▶ **Task description**
Produce an exact copy of all the data below, dropping every image.

════════════════════

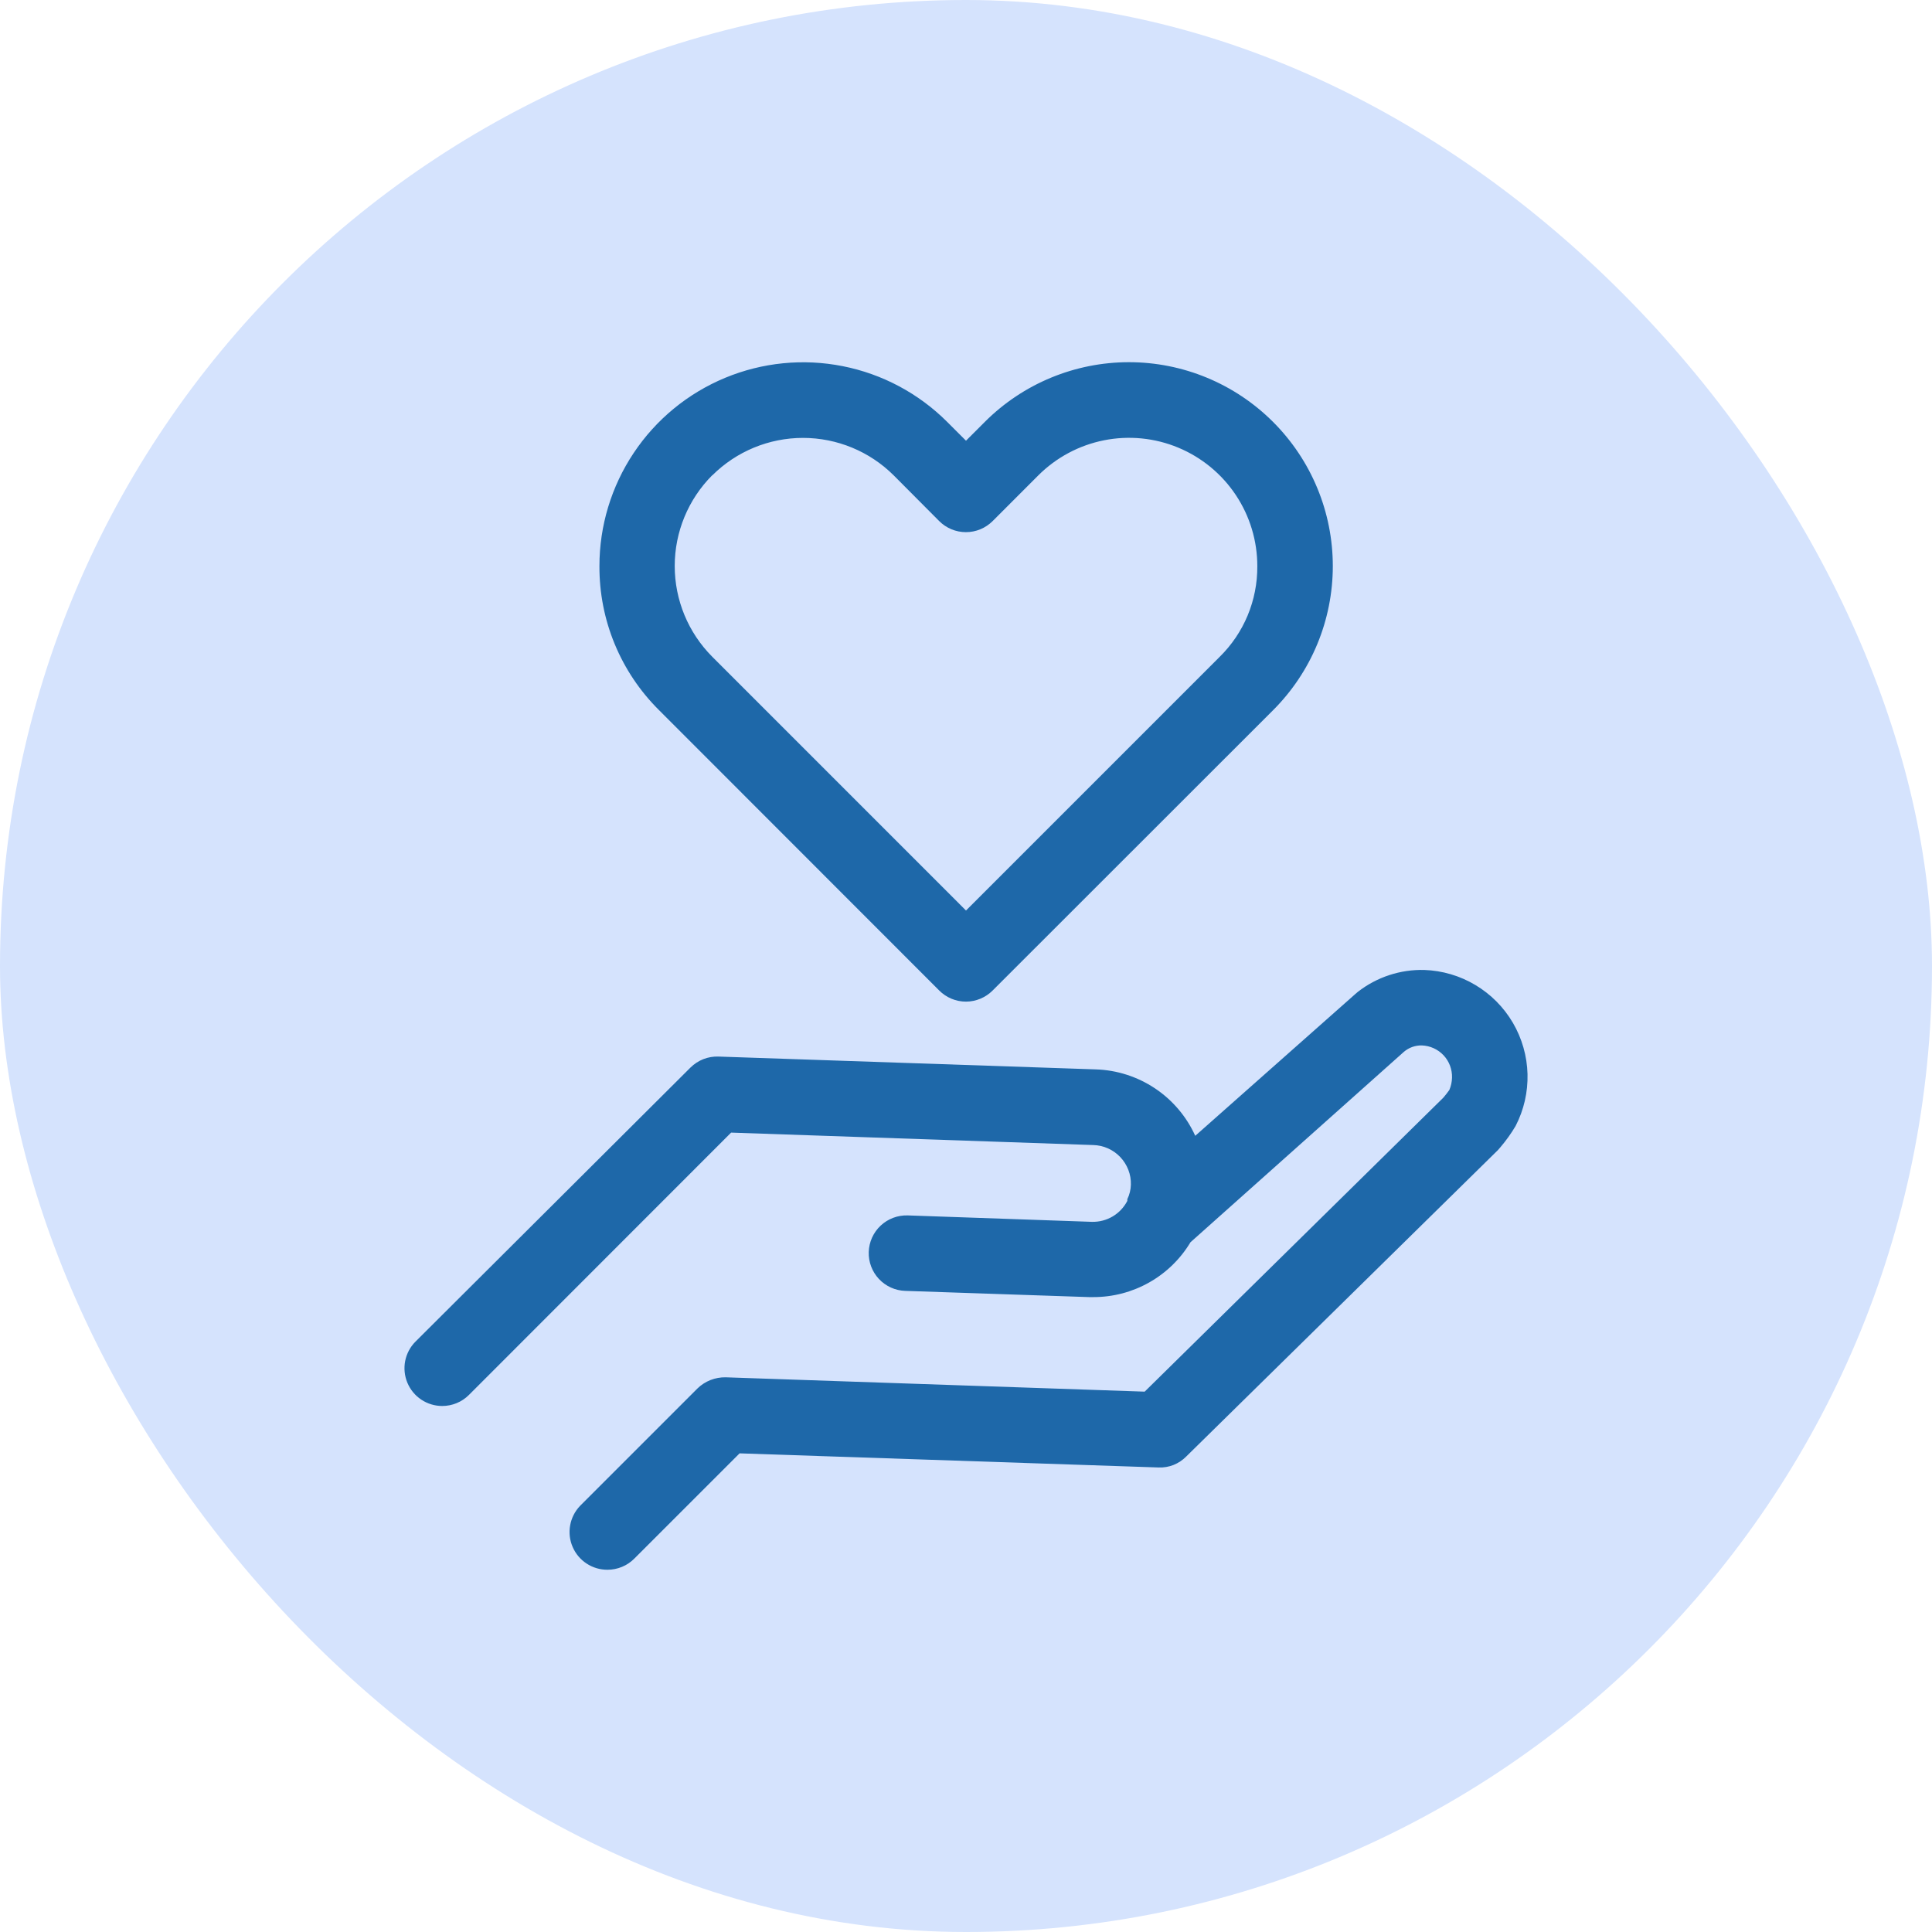 <svg width="64" height="64" viewBox="0 0 64 64" fill="none" xmlns="http://www.w3.org/2000/svg">
<rect width="64" height="64" rx="32" fill="#D5E3FD"/>
<g clip-path="url(#clip0_692_1957)">
<path d="M14.65 46.575C14.98 46.575 15.297 46.445 15.531 46.212L24.219 37.519L36.212 37.931C36.381 37.935 36.547 37.972 36.7 38.04C36.854 38.108 36.993 38.206 37.109 38.328C37.225 38.45 37.316 38.594 37.377 38.751C37.438 38.908 37.467 39.075 37.462 39.243C37.458 39.411 37.417 39.575 37.344 39.725V39.781C37.233 39.995 37.066 40.173 36.859 40.296C36.652 40.418 36.415 40.48 36.175 40.475L30.069 40.262C29.737 40.252 29.415 40.373 29.173 40.6C28.931 40.826 28.789 41.14 28.778 41.472C28.767 41.803 28.889 42.125 29.115 42.367C29.342 42.609 29.656 42.752 29.987 42.762L36.075 42.968H36.219C36.867 42.969 37.504 42.802 38.068 42.483C38.632 42.165 39.104 41.705 39.437 41.15L46.506 34.843C46.671 34.702 46.883 34.626 47.1 34.631C47.374 34.641 47.633 34.759 47.821 34.959C48.008 35.159 48.108 35.426 48.1 35.7C48.096 35.839 48.067 35.977 48.012 36.106C47.962 36.181 47.869 36.294 47.812 36.362L37.919 46.1L24.037 45.625C23.866 45.622 23.695 45.653 23.535 45.716C23.375 45.779 23.229 45.873 23.106 45.993L19.212 49.887C19.043 50.065 18.93 50.288 18.887 50.53C18.843 50.771 18.872 51.02 18.97 51.245C19.067 51.471 19.228 51.662 19.434 51.796C19.639 51.931 19.88 52.001 20.125 52C20.29 52 20.453 51.967 20.605 51.904C20.758 51.841 20.896 51.748 21.012 51.631L24.5 48.144L38.381 48.612C38.55 48.619 38.719 48.59 38.876 48.528C39.033 48.465 39.175 48.37 39.294 48.25L49.619 38.1L49.706 38C49.892 37.781 50.06 37.547 50.206 37.3C50.481 36.769 50.616 36.177 50.601 35.58C50.585 34.982 50.418 34.398 50.117 33.883C49.815 33.367 49.387 32.936 48.874 32.63C48.361 32.323 47.779 32.152 47.181 32.131C46.386 32.111 45.608 32.367 44.981 32.856L44.9 32.925L39.594 37.625C39.305 36.987 38.843 36.443 38.261 36.054C37.679 35.666 37 35.447 36.3 35.425L23.8 35C23.629 34.994 23.459 35.023 23.3 35.085C23.141 35.148 22.996 35.242 22.875 35.362L13.762 44.444C13.588 44.619 13.47 44.842 13.422 45.084C13.375 45.326 13.4 45.577 13.495 45.805C13.59 46.033 13.75 46.228 13.956 46.365C14.161 46.502 14.403 46.575 14.65 46.575Z" fill="#1E68A9"/>
<path d="M31.113 32.812C31.229 32.928 31.367 33.021 31.52 33.085C31.672 33.148 31.835 33.18 32 33.18C32.331 33.179 32.648 33.046 32.882 32.812L42.169 23.53C42.797 22.903 43.296 22.159 43.636 21.339C43.976 20.519 44.151 19.64 44.151 18.752C44.151 17.864 43.976 16.985 43.636 16.166C43.296 15.346 42.797 14.601 42.169 13.974C40.903 12.709 39.187 11.998 37.397 11.998C35.608 11.998 33.891 12.709 32.625 13.974L32 14.599L31.375 13.974C30.43 13.031 29.227 12.389 27.918 12.13C26.609 11.87 25.252 12.005 24.019 12.517C22.786 13.029 21.732 13.894 20.992 15.005C20.251 16.115 19.856 17.42 19.857 18.755C19.853 19.641 20.025 20.52 20.364 21.338C20.703 22.157 21.202 22.9 21.831 23.524L31.113 32.812ZM23.594 15.749C24.392 14.953 25.473 14.506 26.6 14.506C27.727 14.506 28.809 14.953 29.607 15.749L31.113 17.262C31.229 17.378 31.367 17.47 31.518 17.533C31.67 17.596 31.833 17.628 31.997 17.628C32.161 17.628 32.324 17.596 32.476 17.533C32.628 17.47 32.765 17.378 32.882 17.262L34.394 15.749C34.989 15.154 35.747 14.749 36.572 14.585C37.397 14.421 38.253 14.505 39.03 14.828C39.807 15.151 40.471 15.697 40.937 16.397C41.404 17.097 41.652 17.92 41.65 18.762C41.653 19.32 41.544 19.873 41.33 20.388C41.115 20.904 40.799 21.371 40.4 21.762L32 30.162L23.594 21.755C22.798 20.957 22.351 19.876 22.351 18.749C22.351 17.622 22.798 16.541 23.594 15.743V15.749Z" fill="#1E68A9"/>
</g>
<defs>
<clipPath id="clip0_692_1957">
<rect width="40" height="40" fill="white" transform="translate(12 12)"/>
</clipPath>
</defs>
</svg>

════════════════════

▶ **Output of the task**
 <svg width="64" height="64" viewBox="0 0 64 64" fill="none" xmlns="http://www.w3.org/2000/svg">
<rect width="64" height="64" rx="32" fill="#D5E3FD"/>
<g clip-path="url(#clip0_692_1957)">
<path d="M14.65 46.575C14.98 46.575 15.297 46.445 15.531 46.212L24.219 37.519L36.212 37.931C36.381 37.935 36.547 37.972 36.7 38.04C36.854 38.108 36.993 38.206 37.109 38.328C37.225 38.45 37.316 38.594 37.377 38.751C37.438 38.908 37.467 39.075 37.462 39.243C37.458 39.411 37.417 39.575 37.344 39.725V39.781C37.233 39.995 37.066 40.173 36.859 40.296C36.652 40.418 36.415 40.48 36.175 40.475L30.069 40.262C29.737 40.252 29.415 40.373 29.173 40.6C28.931 40.826 28.789 41.14 28.778 41.472C28.767 41.803 28.889 42.125 29.115 42.367C29.342 42.609 29.656 42.752 29.987 42.762L36.075 42.968H36.219C36.867 42.969 37.504 42.802 38.068 42.483C38.632 42.165 39.104 41.705 39.437 41.15L46.506 34.843C46.671 34.702 46.883 34.626 47.1 34.631C47.374 34.641 47.633 34.759 47.821 34.959C48.008 35.159 48.108 35.426 48.1 35.7C48.096 35.839 48.067 35.977 48.012 36.106C47.962 36.181 47.869 36.294 47.812 36.362L37.919 46.1L24.037 45.625C23.866 45.622 23.695 45.653 23.535 45.716C23.375 45.779 23.229 45.873 23.106 45.993L19.212 49.887C19.043 50.065 18.93 50.288 18.887 50.53C18.843 50.771 18.872 51.02 18.97 51.245C19.067 51.471 19.228 51.662 19.434 51.796C19.639 51.931 19.88 52.001 20.125 52C20.29 52 20.453 51.967 20.605 51.904C20.758 51.841 20.896 51.748 21.012 51.631L24.5 48.144L38.381 48.612C38.55 48.619 38.719 48.59 38.876 48.528C39.033 48.465 39.175 48.37 39.294 48.25L49.619 38.1L49.706 38C49.892 37.781 50.06 37.547 50.206 37.3C50.481 36.769 50.616 36.177 50.601 35.58C50.585 34.982 50.418 34.398 50.117 33.883C49.815 33.367 49.387 32.936 48.874 32.63C48.361 32.323 47.779 32.152 47.181 32.131C46.386 32.111 45.608 32.367 44.981 32.856L44.9 32.925L39.594 37.625C39.305 36.987 38.843 36.443 38.261 36.054C37.679 35.666 37 35.447 36.3 35.425L23.8 35C23.629 34.994 23.459 35.023 23.3 35.085C23.141 35.148 22.996 35.242 22.875 35.362L13.762 44.444C13.588 44.619 13.47 44.842 13.422 45.084C13.375 45.326 13.4 45.577 13.495 45.805C13.59 46.033 13.75 46.228 13.956 46.365C14.161 46.502 14.403 46.575 14.65 46.575Z" fill="#1E68A9"/>
<path d="M31.113 32.812C31.229 32.928 31.367 33.021 31.52 33.085C31.672 33.148 31.835 33.18 32 33.18C32.331 33.179 32.648 33.046 32.882 32.812L42.169 23.53C42.797 22.903 43.296 22.159 43.636 21.339C43.976 20.519 44.151 19.64 44.151 18.752C44.151 17.864 43.976 16.985 43.636 16.166C43.296 15.346 42.797 14.601 42.169 13.974C40.903 12.709 39.187 11.998 37.397 11.998C35.608 11.998 33.891 12.709 32.625 13.974L32 14.599L31.375 13.974C30.43 13.031 29.227 12.389 27.918 12.13C26.609 11.87 25.252 12.005 24.019 12.517C22.786 13.029 21.732 13.894 20.992 15.005C20.251 16.115 19.856 17.42 19.857 18.755C19.853 19.641 20.025 20.52 20.364 21.338C20.703 22.157 21.202 22.9 21.831 23.524L31.113 32.812ZM23.594 15.749C24.392 14.953 25.473 14.506 26.6 14.506C27.727 14.506 28.809 14.953 29.607 15.749L31.113 17.262C31.229 17.378 31.367 17.47 31.518 17.533C31.67 17.596 31.833 17.628 31.997 17.628C32.161 17.628 32.324 17.596 32.476 17.533C32.628 17.47 32.765 17.378 32.882 17.262L34.394 15.749C34.989 15.154 35.747 14.749 36.572 14.585C37.397 14.421 38.253 14.505 39.03 14.828C39.807 15.151 40.471 15.697 40.937 16.397C41.404 17.097 41.652 17.92 41.65 18.762C41.653 19.32 41.544 19.873 41.33 20.388C41.115 20.904 40.799 21.371 40.4 21.762L32 30.162L23.594 21.755C22.798 20.957 22.351 19.876 22.351 18.749C22.351 17.622 22.798 16.541 23.594 15.743V15.749Z" fill="#1E68A9"/>
</g>
<defs>
<clipPath id="clip0_692_1957">
<rect width="40" height="40" fill="white" transform="translate(12 12)"/>
</clipPath>
</defs>
</svg>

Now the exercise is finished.